The caffeine allergy looks promising.

No. You don't have an allergy. You have schizophrenia.

Anyway, I have quit caffeine because it made me feel worse... And I feel better for it.

That's reason enough to quit caffeine.

For the record: I know that I have schizophrenia. But this knowledge doesn't do anything for me. Should it? What's out there? I'll ask my psychiatrist. Anyway, I know that my treatment options are very limited.

Not at all. They are limited primarily by you.

Question: how much of this is the illness and how

That's a difficult question to answer. You are not just schizophrenia. Where does the schizophrenia end and the core of your personality begin? Hard to know until the symptoms of schizophrenia are fully under control. Then you will be able to see what is left.
 
Hi Onmeds , yes it is devastating to be diagnosed with a mental illness, as it is devastating to be diagnosed with any major physical disfunction which affects us in our ability to function in a world of seemingly healthy people.

Many illnesses cannot be cured but they can be controlled and stabilized , the often used example of diabetes is very valid , diabetes cannot be cured , but with daily monitoring and the regular daily injections of insulin it can be stabilised and controlled, sufferers live full and good lives as long as they follow the ground rules, when diabetes is first diagnosed it takes time and patience to find exactly the right dosage of insulin for each individual metabolism.

An illness such as schizoprenia needs exactly the same discipline, it cannot be cured , but it can be controlled and stabilised as long as there is a rigourous taking of the medication prescribed, your Doctor needs to know exactly how you are feeling in order to decide whether to up your dosage or not, that is why the suggestion of keeping a mood log is excellent, this makes you an actor in your path towards stabilisation.

Keeping away from all stimulants such as alcohol and coffee is also a good idea as it allows your medication to be fully effectif .
The person I know who has the very same illness as you, leads a good life only because she takes her medication very regularly and she now knows that she can only lead a good life because of her medication.


best wishes wp
 
Hello again,

Dr. Baxter and White Page have pretty much said everything I was going to say in reply to your last post... thanks guys. :goodpost:

I know it's hard. I know it isn't fair. In time you'll have it all sorted out, and there just isn't any way to make time fly by any faster to get there. All you can do at this point is to make sure you're doing everything according to your doctor's instructions, so that you can minimize the amount of time needed to get there.

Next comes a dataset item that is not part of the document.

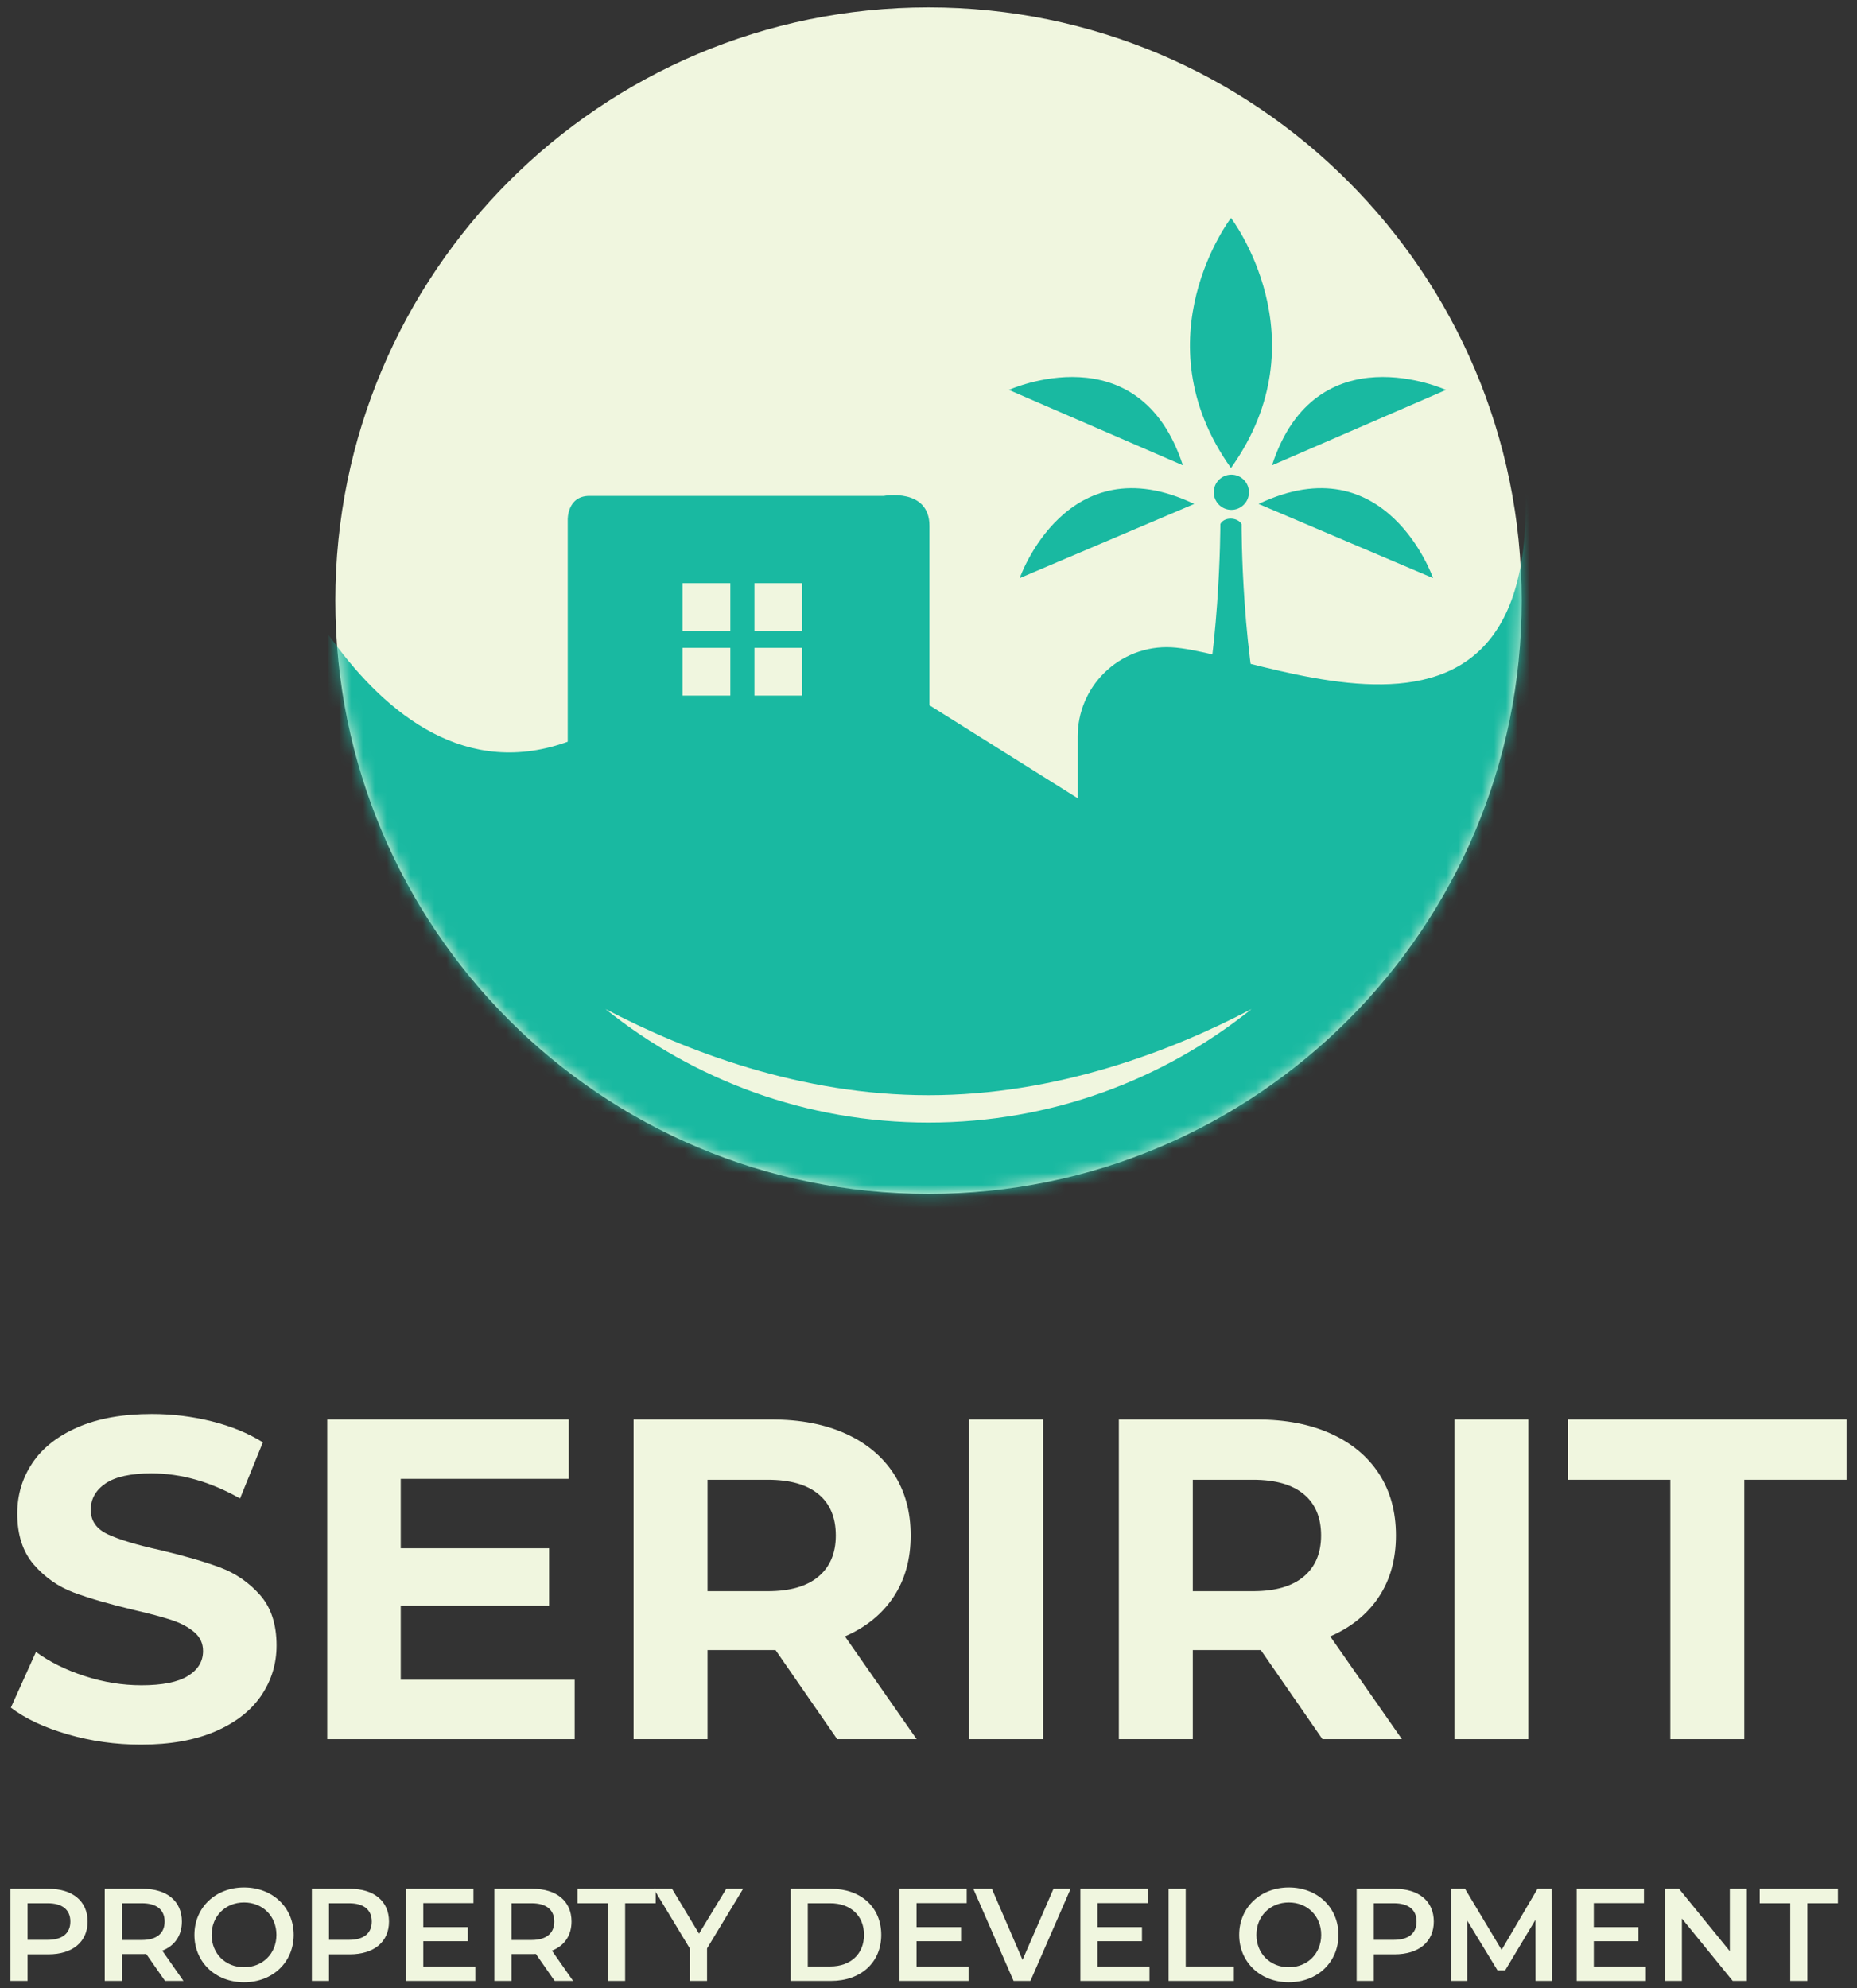 <svg xmlns="http://www.w3.org/2000/svg" width="156" height="167" viewBox="0 0 156 167" fill="none"><rect x="0" y="0" width="156" height="167" fill="#333333" stroke="none"/><path d="M78.001 100.277C105.52 100.277 127.829 77.968 127.829 50.448C127.829 22.929 105.52 0.62 78.001 0.62C50.481 0.62 28.172 22.929 28.172 50.448C28.172 77.968 50.481 100.277 78.001 100.277Z" fill="#F0F6DF"></path><mask id="mask0_3248_897" style="mask-type:luminance" maskUnits="userSpaceOnUse" x="28" y="0" width="100" height="101"><path d="M78.003 100.277C105.522 100.277 127.831 77.968 127.831 50.448C127.831 22.929 105.522 0.62 78.003 0.62C50.483 0.62 28.174 22.929 28.174 50.448C28.174 77.968 50.483 100.277 78.003 100.277Z" fill="white"></path></mask><g mask="url(#mask0_3248_897)"><path d="M130.777 80.644H31.383V109.603H130.777V80.644Z" fill="#19B9A1"></path><path d="M47.693 58.254V43.646C47.693 43.646 47.64 41.652 49.522 41.652H74.249C74.249 41.652 78.082 40.949 78.082 44.185V59.239L90.534 67.048V61.848C90.534 59.862 91.323 57.958 92.727 56.554C94.226 55.055 96.284 54.26 98.402 54.371C106.678 54.803 135.259 69.968 126.529 29.216C124.182 18.261 142.951 85.479 142.951 85.479H47.69L47.693 58.254Z" fill="#19B9A1"></path><path d="M47.849 85.478H30.859L21.014 40.568C21.014 40.568 30.585 68.679 47.849 62.243C53.292 60.215 47.849 85.478 47.849 85.478Z" fill="#19B9A1"></path><path d="M125.477 78.68H33.935V114.02H125.477V78.68Z" fill="#19B9A1"></path></g><path d="M61.353 48.98H57.346V52.987H61.353V48.98Z" fill="#F0F6DF"></path><path d="M67.384 48.98H63.377V52.987H67.384V48.98Z" fill="#F0F6DF"></path><path d="M61.353 54.419H57.346V58.425H61.353V54.419Z" fill="#F0F6DF"></path><path d="M67.384 54.419H63.377V58.425H67.384V54.419Z" fill="#F0F6DF"></path><path d="M78.001 91.994C67.282 91.994 57.631 88.306 50.863 84.756C58.298 90.717 67.73 94.291 78.001 94.291C88.272 94.291 97.703 90.717 105.138 84.756C98.371 88.306 88.72 91.994 78.001 91.994Z" fill="#F0F6DF"></path><path d="M102.518 44.017C102.518 44.017 102.519 55.564 100.314 63.264C99.967 64.475 100.333 65.769 101.277 66.604L101.282 66.609C102.505 67.691 104.341 67.698 105.573 66.626C106.542 65.782 106.91 64.457 106.543 63.226C104.258 55.576 104.301 44.017 104.301 44.017C103.959 43.435 102.839 43.389 102.518 44.017Z" fill="#19B9A1"></path><path d="M103.41 18.308C103.41 18.308 95.654 28.433 103.41 39.312C111.165 28.433 103.41 18.308 103.41 18.308Z" fill="#19B9A1"></path><path d="M105.729 42.329L120.389 48.559C120.389 48.559 116.455 37.22 105.729 42.329Z" fill="#19B9A1"></path><path d="M100.322 42.329L85.662 48.559C85.662 48.559 89.596 37.22 100.322 42.329Z" fill="#19B9A1"></path><path d="M99.369 39.084L84.754 32.751C84.754 32.751 95.683 27.79 99.369 39.084Z" fill="#19B9A1"></path><path d="M106.857 39.084L121.473 32.751C121.473 32.751 110.544 27.79 106.857 39.084Z" fill="#19B9A1"></path><path d="M103.443 42.826C104.259 42.826 104.921 42.164 104.921 41.347C104.921 40.531 104.259 39.869 103.443 39.869C102.627 39.869 101.965 40.531 101.965 41.347C101.965 42.164 102.627 42.826 103.443 42.826Z" fill="#19B9A1"></path><path d="M5.688 145.675C3.706 145.1 2.114 144.352 0.912 143.431L3.022 138.753C4.173 139.597 5.54 140.274 7.126 140.785C8.71 141.298 10.295 141.553 11.881 141.553C13.645 141.553 14.949 141.291 15.793 140.766C16.637 140.243 17.058 139.546 17.058 138.676C17.058 138.037 16.809 137.506 16.311 137.084C15.812 136.663 15.173 136.324 14.393 136.069C13.613 135.813 12.558 135.532 11.229 135.225C9.183 134.739 7.509 134.253 6.205 133.767C4.901 133.282 3.782 132.501 2.849 131.428C1.916 130.354 1.45 128.922 1.45 127.132C1.45 125.573 1.871 124.16 2.716 122.894C3.559 121.629 4.83 120.626 6.531 119.884C8.231 119.143 10.308 118.772 12.763 118.772C14.476 118.772 16.151 118.977 17.787 119.386C19.423 119.795 20.856 120.382 22.083 121.15L20.165 125.866C17.685 124.461 15.204 123.757 12.725 123.757C10.986 123.757 9.701 124.039 8.87 124.602C8.039 125.164 7.624 125.905 7.624 126.825C7.624 127.746 8.104 128.43 9.063 128.877C10.021 129.324 11.485 129.766 13.453 130.2C15.499 130.686 17.174 131.173 18.478 131.658C19.781 132.144 20.9 132.911 21.834 133.959C22.767 135.007 23.233 136.427 23.233 138.216C23.233 139.75 22.805 141.15 21.948 142.416C21.092 143.681 19.807 144.685 18.094 145.426C16.381 146.167 14.297 146.538 11.842 146.538C9.72 146.538 7.668 146.25 5.688 145.675Z" fill="#F0F6DF"></path><path d="M48.276 141.092V146.079H27.49V119.232H47.778V124.218H33.664V130.048H46.129V134.88H33.664V141.092H48.276Z" fill="#F0F6DF"></path><path d="M70.329 146.079L65.151 138.599H59.437V146.079H53.225V119.232H64.844C67.222 119.232 69.287 119.629 71.039 120.421C72.79 121.214 74.138 122.339 75.084 123.796C76.03 125.253 76.504 126.979 76.504 128.973C76.504 130.968 76.024 132.688 75.066 134.132C74.107 135.577 72.745 136.682 70.981 137.449L77.002 146.079H70.329ZM68.756 125.503C67.784 124.697 66.365 124.295 64.499 124.295H59.437V133.653H64.499C66.365 133.653 67.784 133.244 68.756 132.425C69.728 131.607 70.214 130.457 70.214 128.973C70.214 127.466 69.728 126.308 68.756 125.503Z" fill="#F0F6DF"></path><path d="M81.412 119.232H87.624V146.079H81.412V119.232Z" fill="#F0F6DF"></path><path d="M111.094 146.079L105.917 138.599H100.203V146.079H93.99V119.232H105.61C107.988 119.232 110.052 119.629 111.804 120.421C113.555 121.214 114.904 122.339 115.85 123.796C116.795 125.253 117.269 126.979 117.269 128.973C117.269 130.968 116.789 132.688 115.831 134.132C114.872 135.577 113.511 136.682 111.747 137.449L117.768 146.079H111.094ZM109.522 125.503C108.55 124.697 107.131 124.295 105.265 124.295H100.203V133.653H105.265C107.131 133.653 108.55 133.244 109.522 132.425C110.494 131.607 110.98 130.457 110.98 128.973C110.98 127.466 110.494 126.308 109.522 125.503Z" fill="#F0F6DF"></path><path d="M122.178 119.232H128.39V146.079H122.178V119.232Z" fill="#F0F6DF"></path><path d="M140.318 124.295H131.727V119.232H155.121V124.295H146.531V146.079H140.318V124.295Z" fill="#F0F6DF"></path><path d="M7.36 161.4C7.36 163.104 6.099 164.155 4.064 164.155H2.316V166.388H0.879V158.647H4.064C6.099 158.647 7.36 159.687 7.36 161.4ZM5.911 161.4C5.911 160.427 5.258 159.863 3.998 159.863H2.316V162.938H3.998C5.258 162.938 5.911 162.374 5.911 161.4Z" fill="#F0F6DF"></path><path d="M13.864 166.388L12.282 164.121C12.183 164.132 12.083 164.132 11.983 164.132H10.236V166.388H8.799V158.647H11.983C14.019 158.647 15.28 159.687 15.28 161.4C15.28 162.573 14.682 163.436 13.632 163.845L15.412 166.388H13.864ZM11.918 159.863H10.236V162.95H11.918C13.178 162.95 13.831 162.374 13.831 161.4C13.831 160.427 13.178 159.863 11.918 159.863Z" fill="#F0F6DF"></path><path d="M16.332 162.518C16.332 160.229 18.101 158.537 20.501 158.537C22.901 158.537 24.671 160.218 24.671 162.518C24.671 164.818 22.901 166.499 20.501 166.499C18.101 166.499 16.332 164.807 16.332 162.518ZM23.222 162.518C23.222 160.937 22.06 159.797 20.501 159.797C18.942 159.797 17.78 160.937 17.78 162.518C17.78 164.099 18.942 165.238 20.501 165.238C22.06 165.238 23.222 164.099 23.222 162.518Z" fill="#F0F6DF"></path><path d="M32.68 161.4C32.68 163.104 31.419 164.155 29.384 164.155H27.637V166.388H26.199V158.647H29.384C31.419 158.647 32.68 159.687 32.68 161.4ZM31.231 161.4C31.231 160.427 30.579 159.863 29.318 159.863H27.637V162.938H29.318C30.579 162.938 31.231 162.374 31.231 161.4Z" fill="#F0F6DF"></path><path d="M39.928 165.183V166.388H34.121V158.647H39.773V159.852H35.559V161.865H39.297V163.049H35.559V165.183H39.928Z" fill="#F0F6DF"></path><path d="M46.596 166.388L45.015 164.121C44.915 164.132 44.815 164.132 44.716 164.132H42.968V166.388H41.531V158.647H44.716C46.751 158.647 48.012 159.687 48.012 161.4C48.012 162.573 47.415 163.436 46.364 163.845L48.145 166.388H46.596ZM44.65 159.863H42.968V162.95H44.65C45.911 162.95 46.563 162.374 46.563 161.4C46.563 160.427 45.911 159.863 44.65 159.863Z" fill="#F0F6DF"></path><path d="M51.078 159.863H48.512V158.647H55.081V159.863H52.515V166.388H51.078V159.863Z" fill="#F0F6DF"></path><path d="M59.397 163.657V166.388H57.959V163.679L54.918 158.647H56.455L58.722 162.418L61.012 158.647H62.428L59.397 163.657Z" fill="#F0F6DF"></path><path d="M66.422 158.647H69.806C72.316 158.647 74.031 160.195 74.031 162.518C74.031 164.84 72.316 166.388 69.806 166.388H66.422V158.647ZM69.739 165.172C71.465 165.172 72.582 164.121 72.582 162.518C72.582 160.914 71.465 159.863 69.739 159.863H67.859V165.172H69.739Z" fill="#F0F6DF"></path><path d="M81.365 165.183V166.388H75.559V158.647H81.21V159.852H76.996V161.865H80.734V163.049H76.996V165.183H81.365Z" fill="#F0F6DF"></path><path d="M89.938 158.647L86.564 166.388H85.148L81.764 158.647H83.323L85.9 164.619L88.5 158.647H89.938Z" fill="#F0F6DF"></path><path d="M96.564 165.183V166.388H90.758V158.647H96.409V159.852H92.196V161.865H95.933V163.049H92.196V165.183H96.564Z" fill="#F0F6DF"></path><path d="M98.17 158.647H99.607V165.172H103.655V166.388H98.17V158.647Z" fill="#F0F6DF"></path><path d="M104.1 162.518C104.1 160.229 105.869 158.537 108.269 158.537C110.668 158.537 112.439 160.218 112.439 162.518C112.439 164.818 110.668 166.499 108.269 166.499C105.869 166.499 104.1 164.807 104.1 162.518ZM110.989 162.518C110.989 160.937 109.828 159.797 108.269 159.797C106.709 159.797 105.548 160.937 105.548 162.518C105.548 164.099 106.709 165.238 108.269 165.238C109.828 165.238 110.989 164.099 110.989 162.518Z" fill="#F0F6DF"></path><path d="M120.448 161.4C120.448 163.104 119.187 164.155 117.151 164.155H115.404V166.388H113.967V158.647H117.151C119.187 158.647 120.448 159.687 120.448 161.4ZM118.999 161.4C118.999 160.427 118.346 159.863 117.086 159.863H115.404V162.938H117.086C118.346 162.938 118.999 162.374 118.999 161.4Z" fill="#F0F6DF"></path><path d="M128.997 166.388L128.987 161.256L126.442 165.503H125.802L123.258 161.323V166.388H121.887V158.647H123.069L126.145 163.779L129.163 158.647H130.347L130.358 166.388H128.997Z" fill="#F0F6DF"></path><path d="M138.258 165.183V166.388H132.451V158.647H138.103V159.852H133.888V161.865H137.627V163.049H133.888V165.183H138.258Z" fill="#F0F6DF"></path><path d="M146.742 158.647V166.388H145.558L141.29 161.146V166.388H139.863V158.647H141.046L145.315 163.889V158.647H146.742Z" fill="#F0F6DF"></path><path d="M150.392 159.863H147.826V158.647H154.395V159.863H151.829V166.388H150.392V159.863Z" fill="#F0F6DF"></path></svg>

Many of us have been through what you're going through now-- just trying to come to terms with our respective illnesses and figure and what works and what doesn't in terms of managing the symptoms. Trust me-- if you do what you need to do in cooperation with a good doctor, you'll soon be quite the little expert on your illness, how it affects you, and exactly how to keep yourself functioning at your best. Hang in there. :friends:
 

OnMeds

Member
Thanks for all the help everyone!

I'd like to make a request:

Can someone please delete this account and ban my IP address? Thank you.


Kind regards,
Peter
 

OnMeds

Member
The simple answer is "because I'm too crazy."

It's impossible to explain. Plus, it's becoming impossible for me to communicate (period!) over the Internet. I feel like this thread was a waste of time. Nothing has resolved itself and I still don't know what to do... Besides... Leave. Leaving seems like the right thing to do.

I wish I could have made this work. This is also why group therapy won't work for me. No, I haven't gone to group therapy, but it's not hard to imagine what it would be like. It would be a disaster!

If you don't know or if you haven't experienced what I'm experiencing, then it's impossible for me to explain it. Any attempts at an explanation would lead to confusion or misunderstanding, so why bother? It doesn't help me to try and explain it. It may do the opposite. It may lead to new problems.

I'm creating my own problems by thinking about what my problems are. Crazy, huh? Well, it makes sense to me.

I associate this place with my problems now, so in order for me to get better... I'm going to have to leave.

Does any of that make sense? I don't know anymore.